> **Material provided**:
=-=-=-=-=

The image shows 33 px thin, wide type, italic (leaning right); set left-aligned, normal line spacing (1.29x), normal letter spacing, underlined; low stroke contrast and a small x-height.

=-=-=-=-=

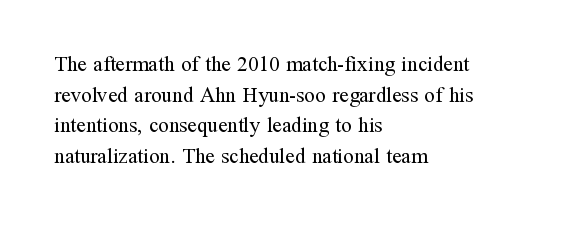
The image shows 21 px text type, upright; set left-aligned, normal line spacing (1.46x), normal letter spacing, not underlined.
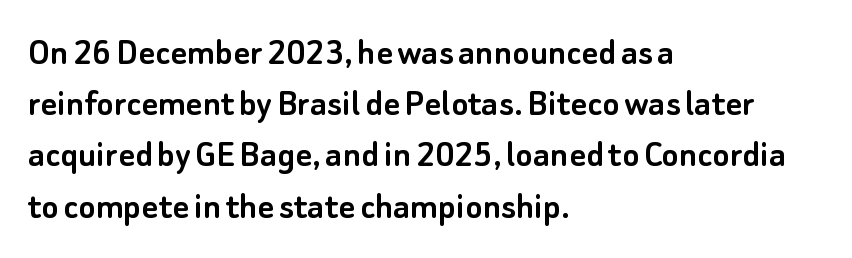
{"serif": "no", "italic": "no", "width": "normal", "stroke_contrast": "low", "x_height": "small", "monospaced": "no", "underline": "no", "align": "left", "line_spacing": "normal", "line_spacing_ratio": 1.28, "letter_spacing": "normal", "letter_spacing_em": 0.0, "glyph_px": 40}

=-=-=-=-=

> **What you have to do**: Every line above with the string "image" in it should be copied into the answer.

> **Output of the exercise**:
The image shows 33 px thin, wide type, italic (leaning right); set left-aligned, normal line spacing (1.29x), normal letter spacing, underlined; low stroke contrast and a small x-height.
The image shows 21 px text type, upright; set left-aligned, normal line spacing (1.46x), normal letter spacing, not underlined.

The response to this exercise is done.